Kitaplığımı karıştırırken Ronald Duncan’ın düzenlediği Abelard ve Heloise’in Mektuplar’ına takıldım. Uzun bir zaman önce bu oyunu izlemiş ve o denli etkilenmiştim ki, kitabını satın alıp büyük bir keyifle okumuştum. Bu karşılıklı yazılan mektuplardaki duygu ve düşünce yoğunluğu kadar, kahramanların kaleminden dökülen sözcüklerin sıcaklığı, yüreğimi ısıtmıştı doğrusu.
Bu oyunun gerçek kahramanlarının kim olduklarını anımsayacak olursak…
Pierre Abelard, 12. Yüzyılda Fransa’da yaşamış ünlü bir şair ve düşünür. Heloise ise, 20 yaşlarında akıllı, kültürlü ve güzel bir kız. Şairin, ders vermek amacıyla bir araya geldiği ve giderek yakınlaştığı bu genç kızla, aralarında büyük bir aşk doğar. Bir süre sonra Heloise, Abelard’tan hamile kalır ve bir erkek çocuğu doğurur. Bu evlilik dışı ilişki yüzünden, kızın dayısı büyük bir öfkeye kapılır ve ünlü şairi cezalandırmak için onu yakalatıp hadım ettirir. Aşıklar üzüntülerinden ayrı ayrı iki manastıra kapanırlar. Bu oyun, sevgililerin birbirlerine yazdıkları, her biri yazınsal birer yapıt sayılabilecek on iki mektuptan oluşuyor. Umutsuzluktan ayrılığa, yalnızlıktan tutkuya, yargılamadan bağışlamaya, aşkın tüm hallerini içeren mektuplar!
Yalnızca son mektubundan, Abelard’ın duygu ve düşüncelerini de katarak, sevgiyi tanımlayan bir bölümünü aktarmak istiyorum:
“Tarih beni bir şair, bir filozof olarak değil, / bir sevgili, senin sevgilin olarak hatırlayacak./ Ve ben sevmeyi bilmiyorum!/ Sevgi hakkında ne çok konuştum, ne çok yazdım.../ Unut bütün söylediklerimi.
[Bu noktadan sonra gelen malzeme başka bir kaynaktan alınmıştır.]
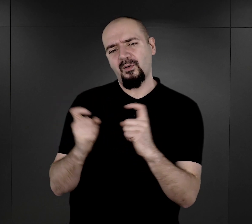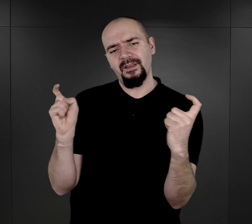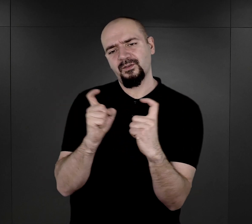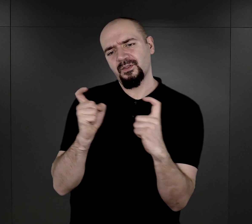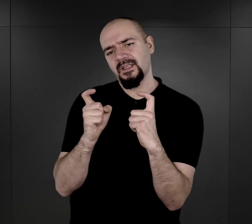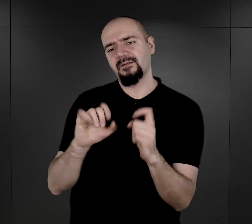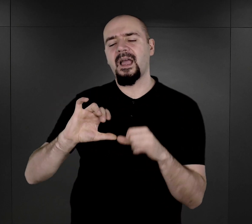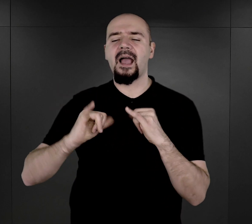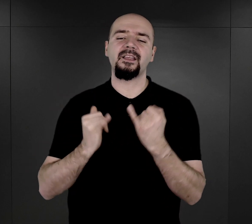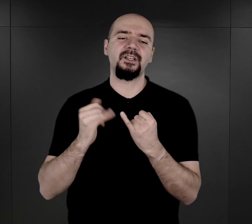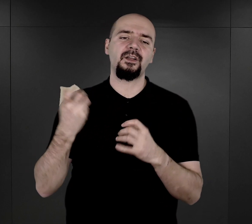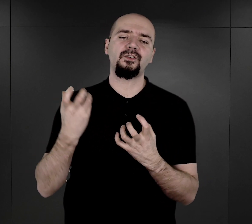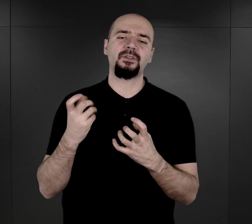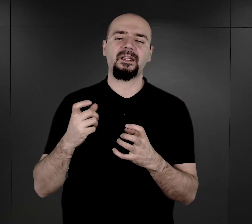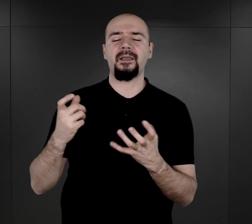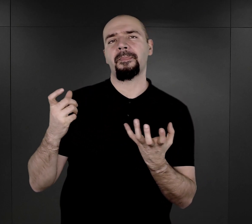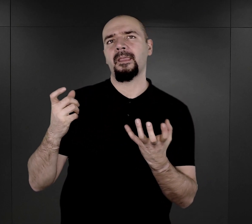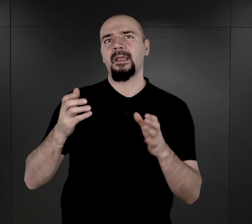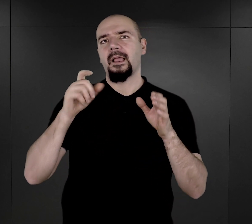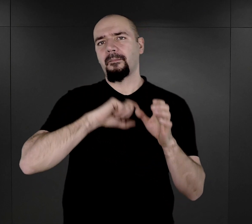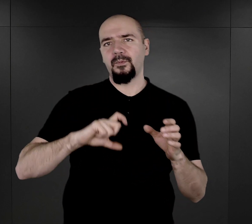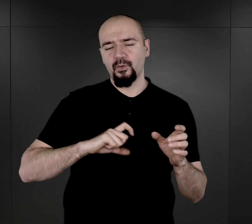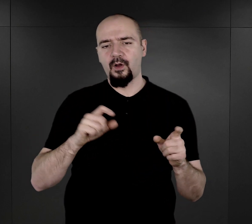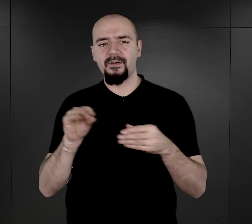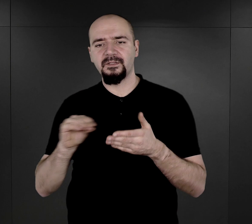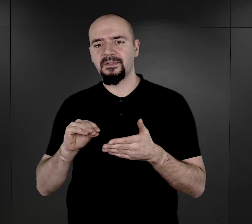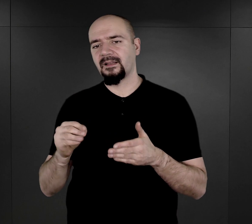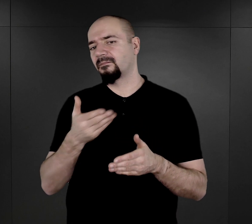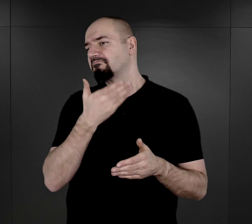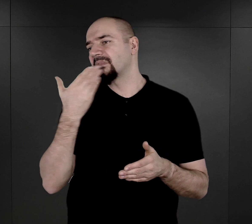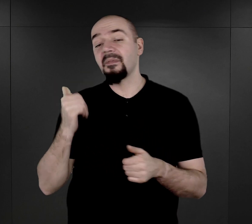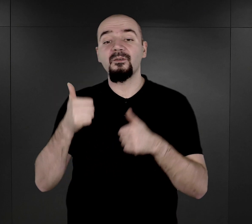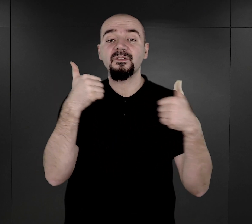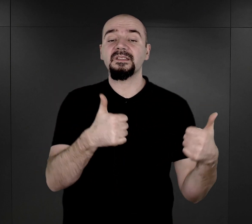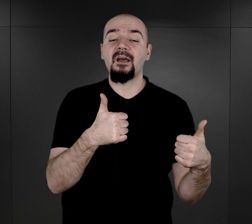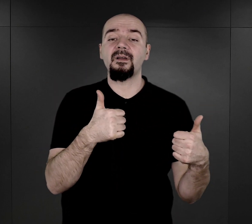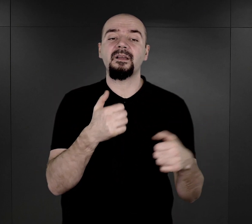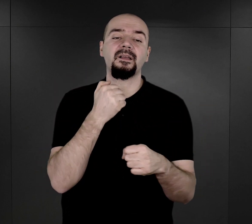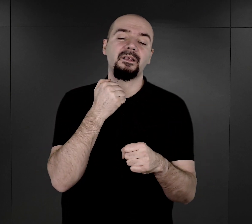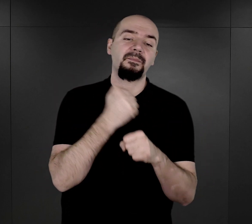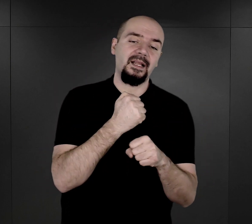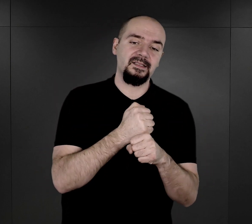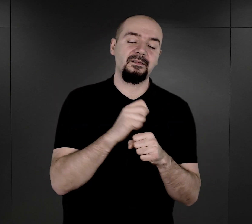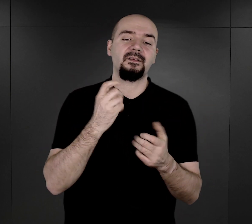jeżeli chodzi o takie ujęcie administracyjne, nie miała stałych przydziałów do pracy. Z czym się to wiązało? Mianowicie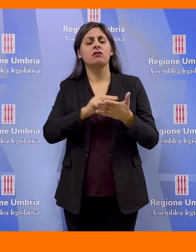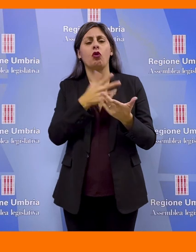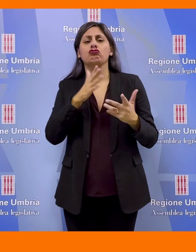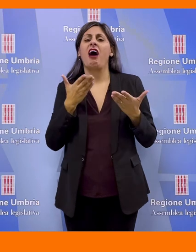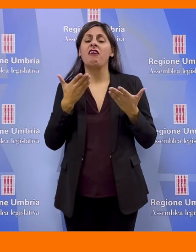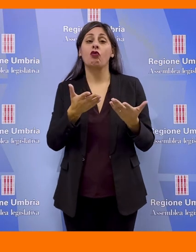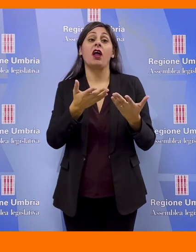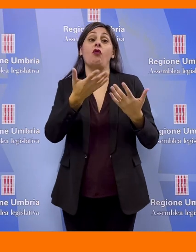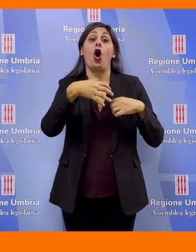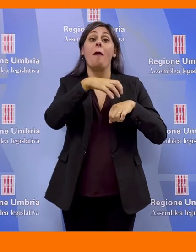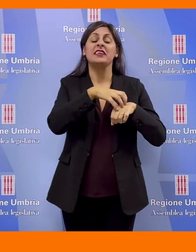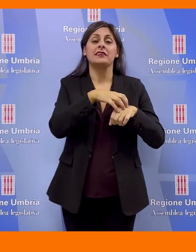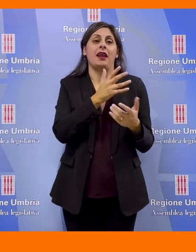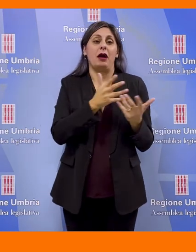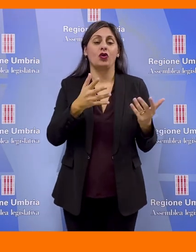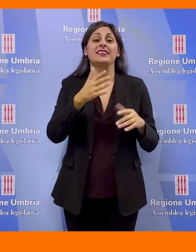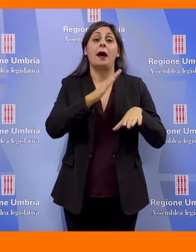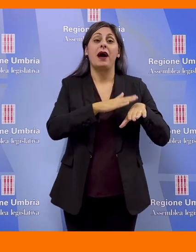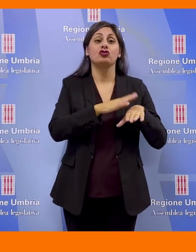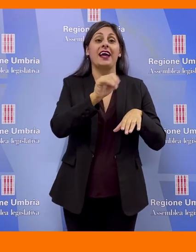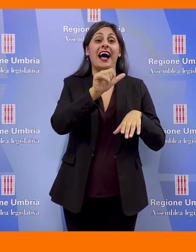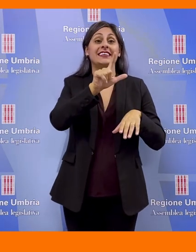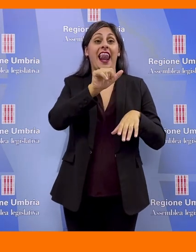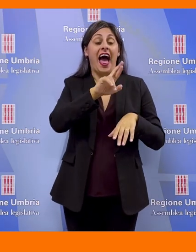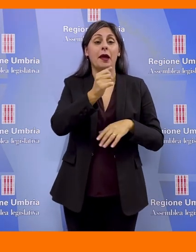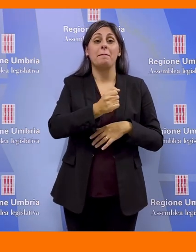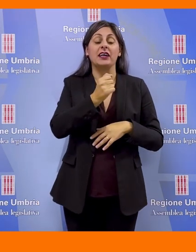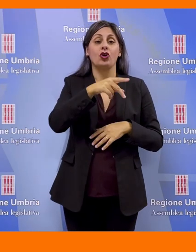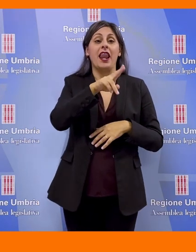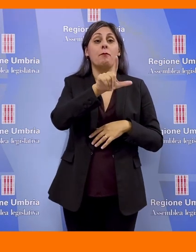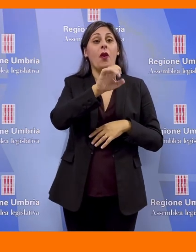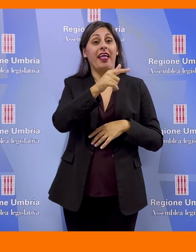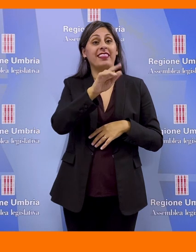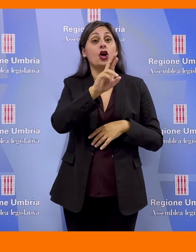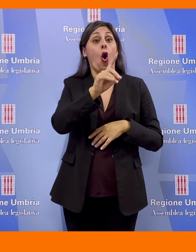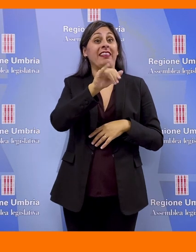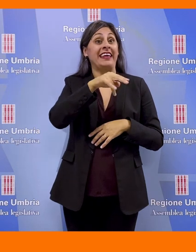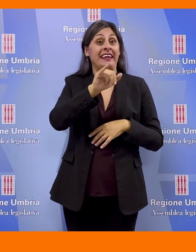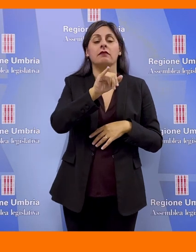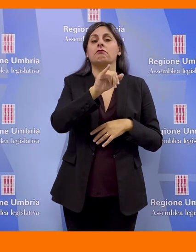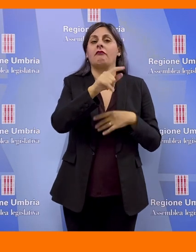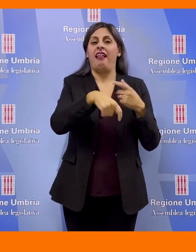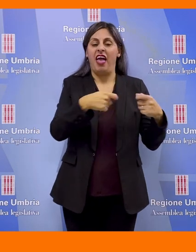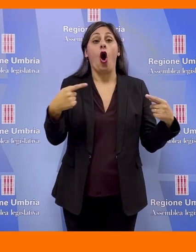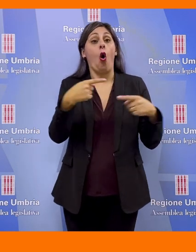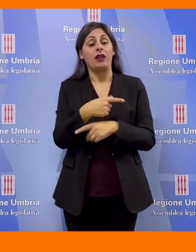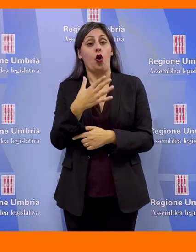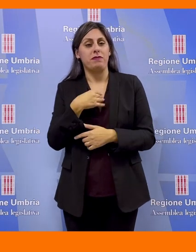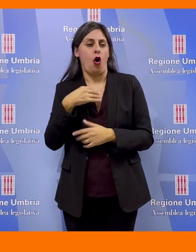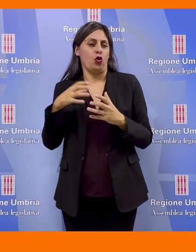Valerio Mancini con il voto favorevole dei commissari di maggioranza Mancini-Gassellari-Pastorelli-Puletti e Ronnini della Lega e il voto contrario di

Yazdığım hiçbir şeyi okuma!/ Ondan mahrum kalmadan anlamıyoruz sevginin kıymetini / Çünkü sevmek dediğin aşk oyunlarıyla olmaz. / Şiir yazarak olur, çiçek toplayarak olur... / Yeminler ederek, antlar içerek, sözler vererek sürer. / Sevgi verdiklerimizde değil, alabilme yeteneğimizde gizlidir.”
Bu güne değin ne çok sözler dinledik sevgi için, edebiyat tarihi içinde ne tutkulu aşıkların kor gibi sözcükleri yüreklerimizi tutuşturdu. Kimi umutsuz bir bekleyişten yankılanan bir çığlıktı duyduğumuz, kimi birlikteliklerden doğan coşkulu bir sesleniş, kimi hasretten kaynaklanan bir yakarış, kimi de kanayan bir yaranın acısı… Ama gördüğüm bir gerçek şu ki, her bir başyapıtın öyküsü içinde, bizi etkileyen bir aşk mutlaka vardır. Ayrılığı, hasreti, aldatması, kavuşması, kıskançlığı, ölümüyle bir aşk!
Çok daha geniş anlamda ele alırsak, yalnızca bir insana değil, tüm canlılara yöneltilmiş bir sevgiyi de göz önünde bulundurabiliriz. Öyle ki bu duygu ve düşünceler doğrultusunda, kimi zaman ölüm bile hiçe sayılarak, bireysel tutkuların önüne geçilebiliyor.
Kuşkusuz, yazınsal yapıtlara konu olmuş bu duygular, aslında gerçek yaşamın da bir yansıması olmaktadır. Günümüzü olduğu kadar geçmişimizi de içine alan, geleceğimizi şekillendiren kendi yaşam öykülerimiz gibi… Zaten bizi o denli etkiliyor olmalarının en önemli nedeni, bu gerçeklilikten kaynaklanmaktadır.
Bir öykünün içinde yer almasak da, tarih boyunca sevginin değiştirdiği yaşamları düşünmeye değer!